Starting at the top of the listing, extract every line up to and including the one with "11405.07c-3168.67,-1956.17 -4991.75,-4858.23 -4991.75,-8004.15l0". Pictures stay out of the copy.
****************
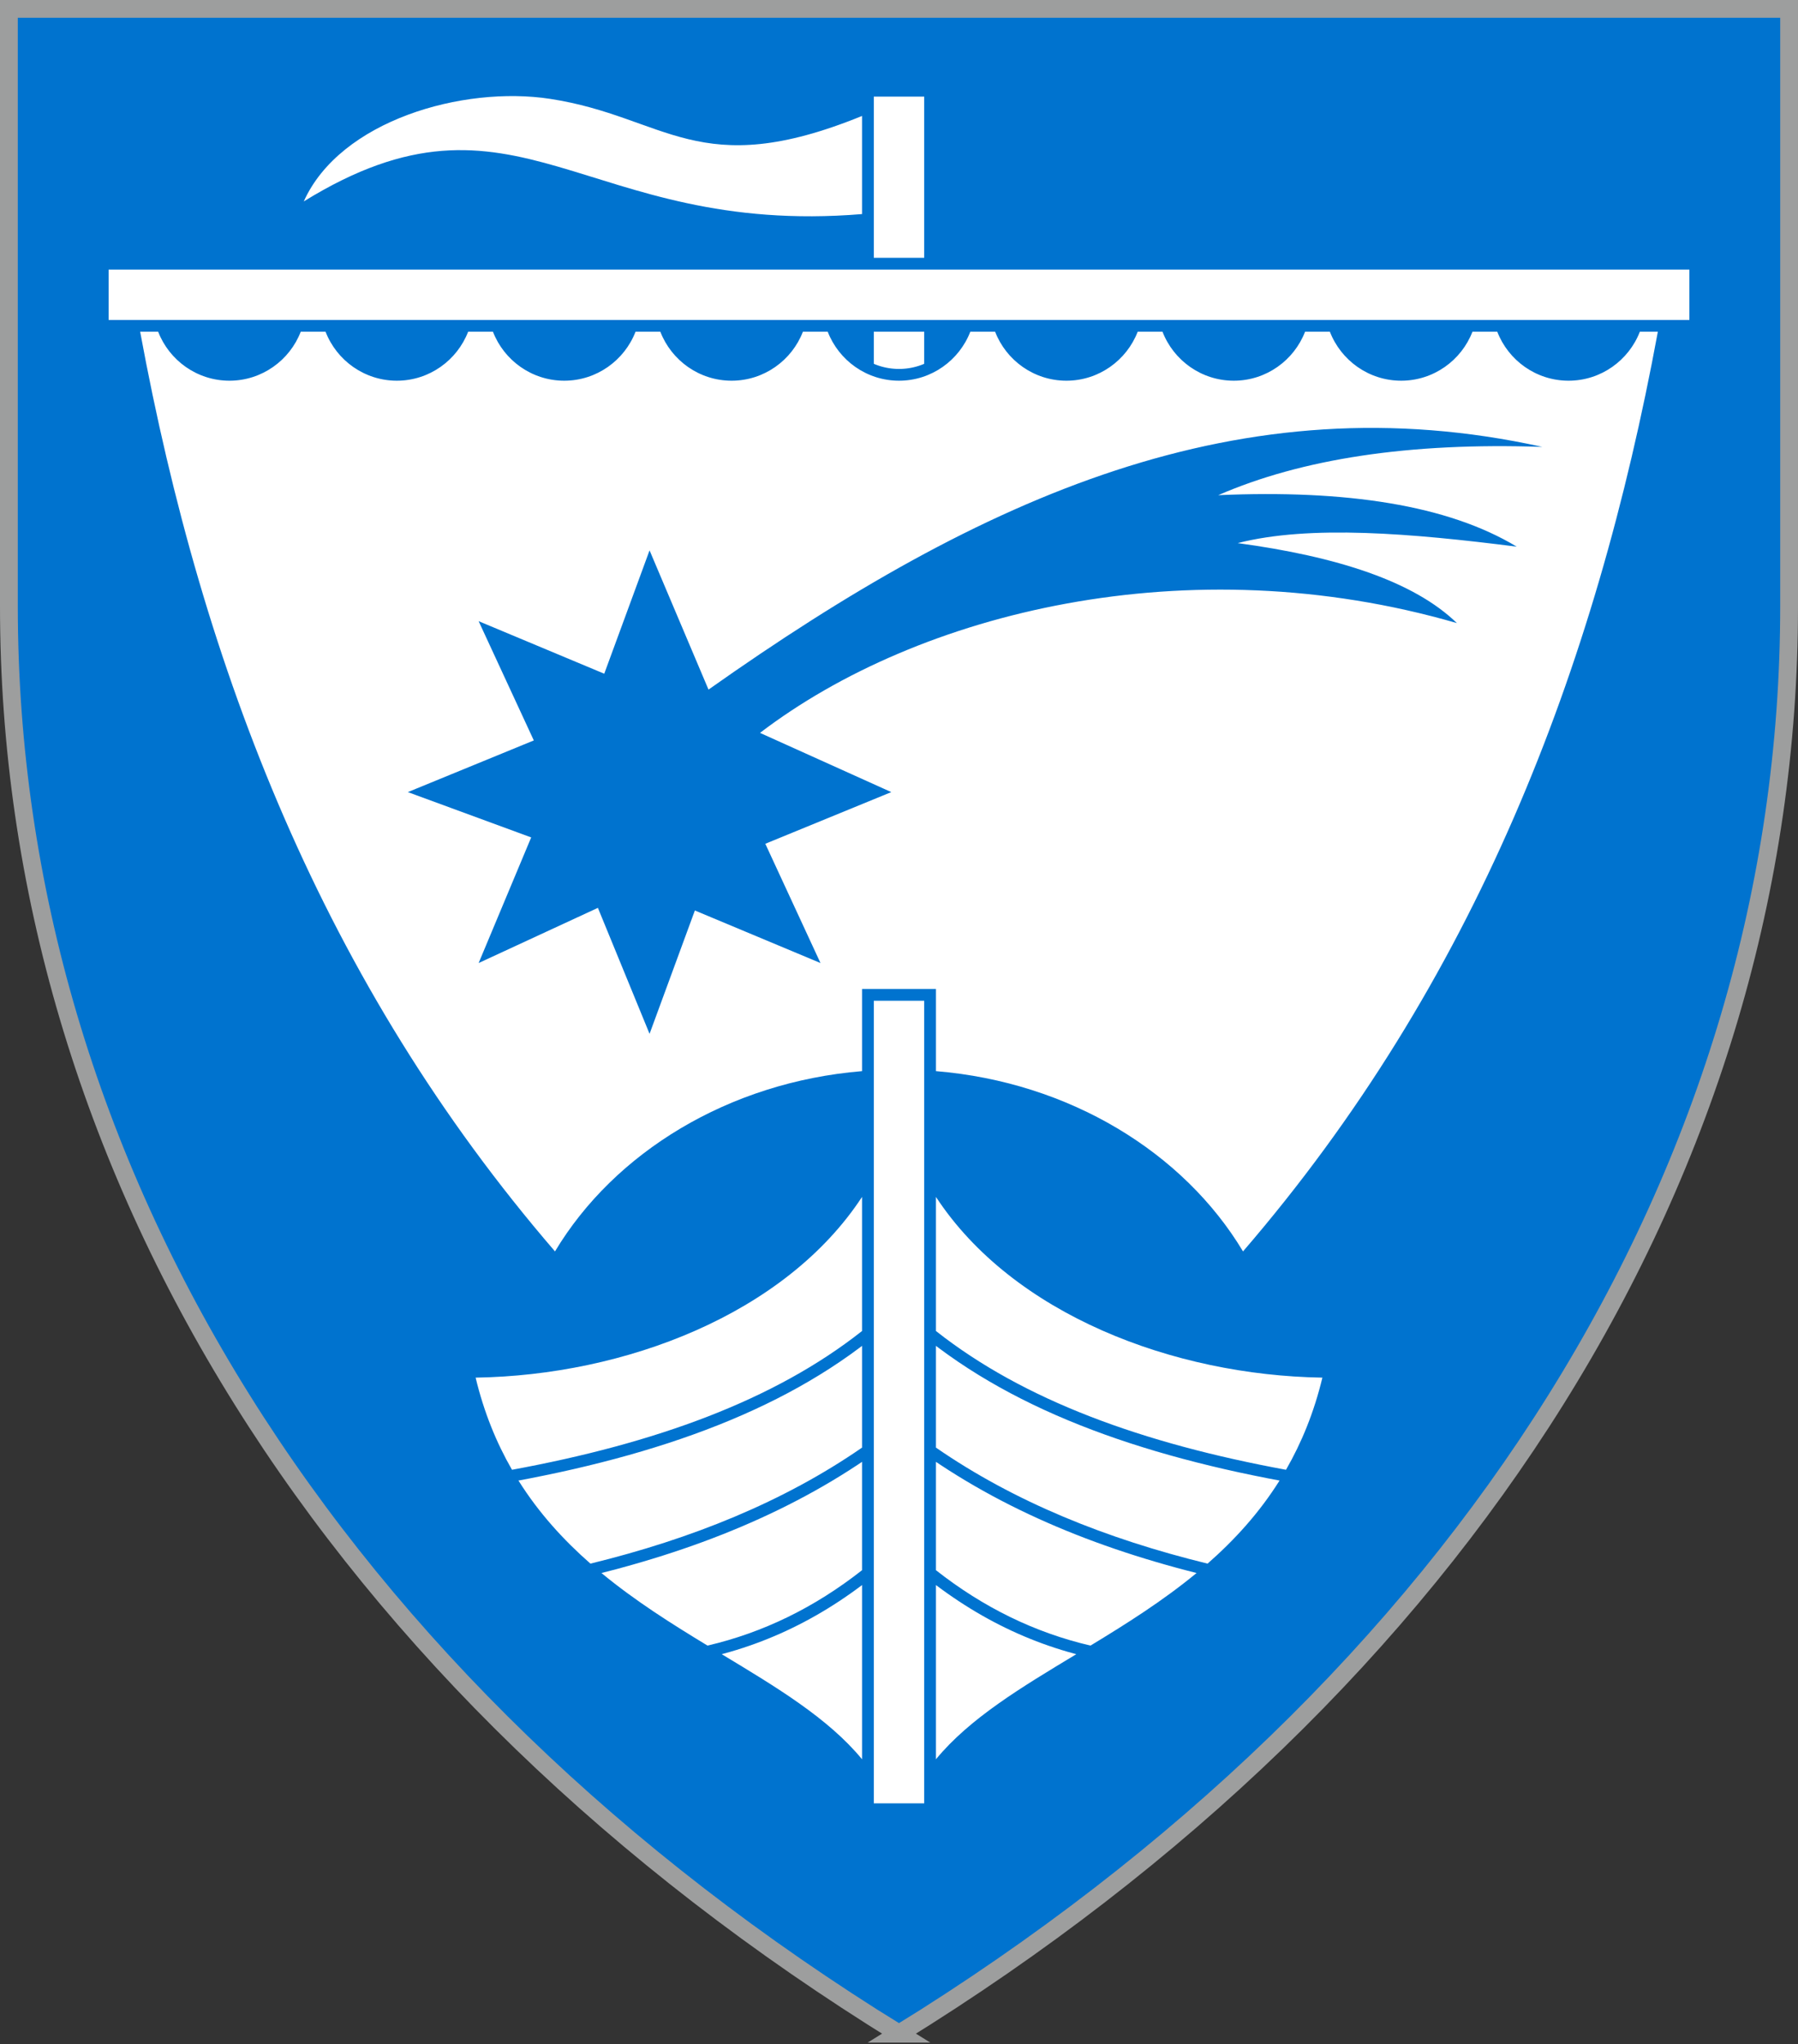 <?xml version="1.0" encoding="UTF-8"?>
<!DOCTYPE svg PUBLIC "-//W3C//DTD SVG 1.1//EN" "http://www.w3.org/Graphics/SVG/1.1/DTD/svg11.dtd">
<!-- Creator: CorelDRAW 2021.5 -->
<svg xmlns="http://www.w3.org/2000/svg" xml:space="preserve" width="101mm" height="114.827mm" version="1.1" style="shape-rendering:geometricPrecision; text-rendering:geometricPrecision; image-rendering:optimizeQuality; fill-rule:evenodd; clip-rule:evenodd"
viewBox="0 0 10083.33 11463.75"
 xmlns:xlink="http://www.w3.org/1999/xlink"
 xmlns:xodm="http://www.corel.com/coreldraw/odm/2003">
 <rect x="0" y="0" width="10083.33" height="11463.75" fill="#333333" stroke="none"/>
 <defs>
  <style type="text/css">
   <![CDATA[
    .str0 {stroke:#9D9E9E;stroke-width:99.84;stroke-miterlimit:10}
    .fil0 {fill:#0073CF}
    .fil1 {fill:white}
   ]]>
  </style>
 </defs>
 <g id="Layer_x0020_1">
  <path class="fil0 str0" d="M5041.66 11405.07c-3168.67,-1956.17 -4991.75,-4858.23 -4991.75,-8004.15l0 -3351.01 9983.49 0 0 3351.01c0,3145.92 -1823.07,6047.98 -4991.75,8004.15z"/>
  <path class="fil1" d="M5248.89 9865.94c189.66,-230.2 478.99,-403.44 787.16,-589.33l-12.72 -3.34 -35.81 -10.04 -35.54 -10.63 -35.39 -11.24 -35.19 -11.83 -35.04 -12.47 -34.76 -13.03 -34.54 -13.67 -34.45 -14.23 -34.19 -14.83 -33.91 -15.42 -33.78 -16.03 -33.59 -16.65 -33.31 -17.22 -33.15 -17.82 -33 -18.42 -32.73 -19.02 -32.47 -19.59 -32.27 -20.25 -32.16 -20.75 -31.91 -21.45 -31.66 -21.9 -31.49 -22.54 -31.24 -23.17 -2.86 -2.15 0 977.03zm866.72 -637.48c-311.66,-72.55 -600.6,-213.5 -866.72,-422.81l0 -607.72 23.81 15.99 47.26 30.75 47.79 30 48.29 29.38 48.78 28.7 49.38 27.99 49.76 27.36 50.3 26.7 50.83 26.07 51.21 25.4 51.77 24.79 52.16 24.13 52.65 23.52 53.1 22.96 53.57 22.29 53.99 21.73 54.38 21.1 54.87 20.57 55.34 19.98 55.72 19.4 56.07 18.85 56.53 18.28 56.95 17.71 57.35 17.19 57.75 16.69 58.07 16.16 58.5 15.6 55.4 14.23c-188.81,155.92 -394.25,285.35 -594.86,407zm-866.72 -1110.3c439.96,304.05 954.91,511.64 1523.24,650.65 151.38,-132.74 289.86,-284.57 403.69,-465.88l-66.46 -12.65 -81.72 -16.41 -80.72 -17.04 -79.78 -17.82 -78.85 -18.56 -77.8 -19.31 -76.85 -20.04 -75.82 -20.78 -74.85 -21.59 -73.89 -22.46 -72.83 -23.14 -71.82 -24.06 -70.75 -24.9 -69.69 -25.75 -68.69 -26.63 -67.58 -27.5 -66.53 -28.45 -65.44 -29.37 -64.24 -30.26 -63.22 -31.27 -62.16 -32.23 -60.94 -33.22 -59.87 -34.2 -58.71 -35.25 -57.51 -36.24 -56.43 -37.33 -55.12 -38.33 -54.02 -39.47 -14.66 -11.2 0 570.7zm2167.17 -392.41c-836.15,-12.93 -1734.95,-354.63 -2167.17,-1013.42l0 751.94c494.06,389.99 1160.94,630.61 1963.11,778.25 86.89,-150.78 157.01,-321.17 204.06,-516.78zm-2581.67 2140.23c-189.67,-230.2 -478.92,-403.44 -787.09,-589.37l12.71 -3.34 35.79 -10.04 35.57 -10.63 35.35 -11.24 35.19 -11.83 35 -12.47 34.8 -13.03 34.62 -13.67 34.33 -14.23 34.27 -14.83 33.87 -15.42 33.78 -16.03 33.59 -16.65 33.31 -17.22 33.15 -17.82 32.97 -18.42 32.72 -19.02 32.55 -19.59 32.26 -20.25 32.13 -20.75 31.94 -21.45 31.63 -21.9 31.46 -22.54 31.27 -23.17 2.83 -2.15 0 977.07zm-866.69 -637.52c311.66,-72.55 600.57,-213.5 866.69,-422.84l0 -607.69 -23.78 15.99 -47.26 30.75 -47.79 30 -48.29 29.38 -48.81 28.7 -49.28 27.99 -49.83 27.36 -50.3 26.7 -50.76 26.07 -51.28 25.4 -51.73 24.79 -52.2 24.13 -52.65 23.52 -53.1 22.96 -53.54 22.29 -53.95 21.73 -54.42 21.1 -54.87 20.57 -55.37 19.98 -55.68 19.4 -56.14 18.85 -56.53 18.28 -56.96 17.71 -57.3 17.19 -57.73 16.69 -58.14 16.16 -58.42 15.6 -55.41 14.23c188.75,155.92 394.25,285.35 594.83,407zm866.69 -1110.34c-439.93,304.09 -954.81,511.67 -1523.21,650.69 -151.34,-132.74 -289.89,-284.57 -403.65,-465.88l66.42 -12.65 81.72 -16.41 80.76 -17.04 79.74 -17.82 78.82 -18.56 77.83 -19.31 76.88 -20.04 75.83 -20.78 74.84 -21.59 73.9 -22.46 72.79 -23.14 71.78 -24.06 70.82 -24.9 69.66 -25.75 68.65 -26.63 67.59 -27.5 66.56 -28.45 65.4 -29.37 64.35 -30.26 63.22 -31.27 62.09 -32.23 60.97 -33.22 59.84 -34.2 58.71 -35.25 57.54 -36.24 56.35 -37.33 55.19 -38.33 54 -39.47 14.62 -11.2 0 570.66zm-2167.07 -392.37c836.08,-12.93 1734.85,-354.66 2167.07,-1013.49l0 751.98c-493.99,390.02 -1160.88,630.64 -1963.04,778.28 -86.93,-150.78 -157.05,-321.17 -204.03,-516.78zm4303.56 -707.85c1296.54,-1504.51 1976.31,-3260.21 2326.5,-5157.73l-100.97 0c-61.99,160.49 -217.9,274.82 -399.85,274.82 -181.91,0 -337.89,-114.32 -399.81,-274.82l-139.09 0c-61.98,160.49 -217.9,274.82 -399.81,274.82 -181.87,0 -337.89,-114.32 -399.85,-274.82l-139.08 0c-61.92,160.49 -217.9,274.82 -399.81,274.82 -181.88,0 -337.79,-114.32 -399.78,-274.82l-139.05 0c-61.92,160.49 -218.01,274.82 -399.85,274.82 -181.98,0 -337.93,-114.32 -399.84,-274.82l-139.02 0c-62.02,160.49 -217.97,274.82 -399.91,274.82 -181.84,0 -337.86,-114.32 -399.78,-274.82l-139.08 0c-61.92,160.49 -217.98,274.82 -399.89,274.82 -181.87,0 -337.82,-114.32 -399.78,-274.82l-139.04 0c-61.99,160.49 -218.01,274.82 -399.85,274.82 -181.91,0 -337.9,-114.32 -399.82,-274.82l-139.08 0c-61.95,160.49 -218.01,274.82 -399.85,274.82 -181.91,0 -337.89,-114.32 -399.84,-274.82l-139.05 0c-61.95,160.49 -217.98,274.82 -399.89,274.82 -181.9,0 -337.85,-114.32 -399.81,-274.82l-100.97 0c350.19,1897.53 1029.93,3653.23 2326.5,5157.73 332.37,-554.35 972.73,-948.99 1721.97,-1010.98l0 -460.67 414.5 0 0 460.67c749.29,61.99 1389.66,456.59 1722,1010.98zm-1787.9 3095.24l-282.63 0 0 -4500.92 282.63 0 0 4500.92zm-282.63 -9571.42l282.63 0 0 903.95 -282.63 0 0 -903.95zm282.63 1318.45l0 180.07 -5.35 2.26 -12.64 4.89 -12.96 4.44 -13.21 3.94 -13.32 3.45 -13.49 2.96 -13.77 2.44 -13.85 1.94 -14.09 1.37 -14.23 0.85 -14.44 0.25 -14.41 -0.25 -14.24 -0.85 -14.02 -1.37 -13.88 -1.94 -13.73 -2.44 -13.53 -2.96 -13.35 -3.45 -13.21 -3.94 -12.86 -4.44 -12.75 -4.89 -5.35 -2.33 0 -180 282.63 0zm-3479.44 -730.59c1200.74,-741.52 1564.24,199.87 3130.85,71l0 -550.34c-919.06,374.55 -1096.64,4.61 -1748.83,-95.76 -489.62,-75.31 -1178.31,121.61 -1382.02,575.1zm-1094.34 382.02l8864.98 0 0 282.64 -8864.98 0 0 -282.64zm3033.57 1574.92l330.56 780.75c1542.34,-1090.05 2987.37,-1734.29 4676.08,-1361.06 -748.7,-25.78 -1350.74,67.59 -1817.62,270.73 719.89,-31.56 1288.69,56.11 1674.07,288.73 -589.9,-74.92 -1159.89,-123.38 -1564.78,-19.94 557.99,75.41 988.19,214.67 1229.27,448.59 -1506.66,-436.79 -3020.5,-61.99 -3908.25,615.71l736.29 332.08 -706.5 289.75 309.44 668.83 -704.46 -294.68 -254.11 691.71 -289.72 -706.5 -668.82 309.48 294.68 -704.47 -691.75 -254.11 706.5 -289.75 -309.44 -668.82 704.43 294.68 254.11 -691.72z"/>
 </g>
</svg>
****************
*Exercise answer*.
 <?xml version="1.0" encoding="UTF-8"?>
<!DOCTYPE svg PUBLIC "-//W3C//DTD SVG 1.1//EN" "http://www.w3.org/Graphics/SVG/1.1/DTD/svg11.dtd">
<!-- Creator: CorelDRAW 2021.5 -->
<svg xmlns="http://www.w3.org/2000/svg" xml:space="preserve" width="101mm" height="114.827mm" version="1.1" style="shape-rendering:geometricPrecision; text-rendering:geometricPrecision; image-rendering:optimizeQuality; fill-rule:evenodd; clip-rule:evenodd"
viewBox="0 0 10083.33 11463.75"
 xmlns:xlink="http://www.w3.org/1999/xlink"
 xmlns:xodm="http://www.corel.com/coreldraw/odm/2003">
 <rect x="0" y="0" width="10083.33" height="11463.75" fill="#333333" stroke="none"/>
 <defs>
  <style type="text/css">
   <![CDATA[
    .str0 {stroke:#9D9E9E;stroke-width:99.84;stroke-miterlimit:10}
    .fil0 {fill:#0073CF}
    .fil1 {fill:white}
   ]]>
  </style>
 </defs>
 <g id="Layer_x0020_1">
  <path class="fil0 str0" d="M5041.66 11405.07c-3168.67,-1956.17 -4991.75,-4858.23 -4991.75,-8004.15l0 -3351.01 9983.49 0 0 3351.01c0,3145.92 -1823.07,6047.98 -4991.75,8004.15z"/>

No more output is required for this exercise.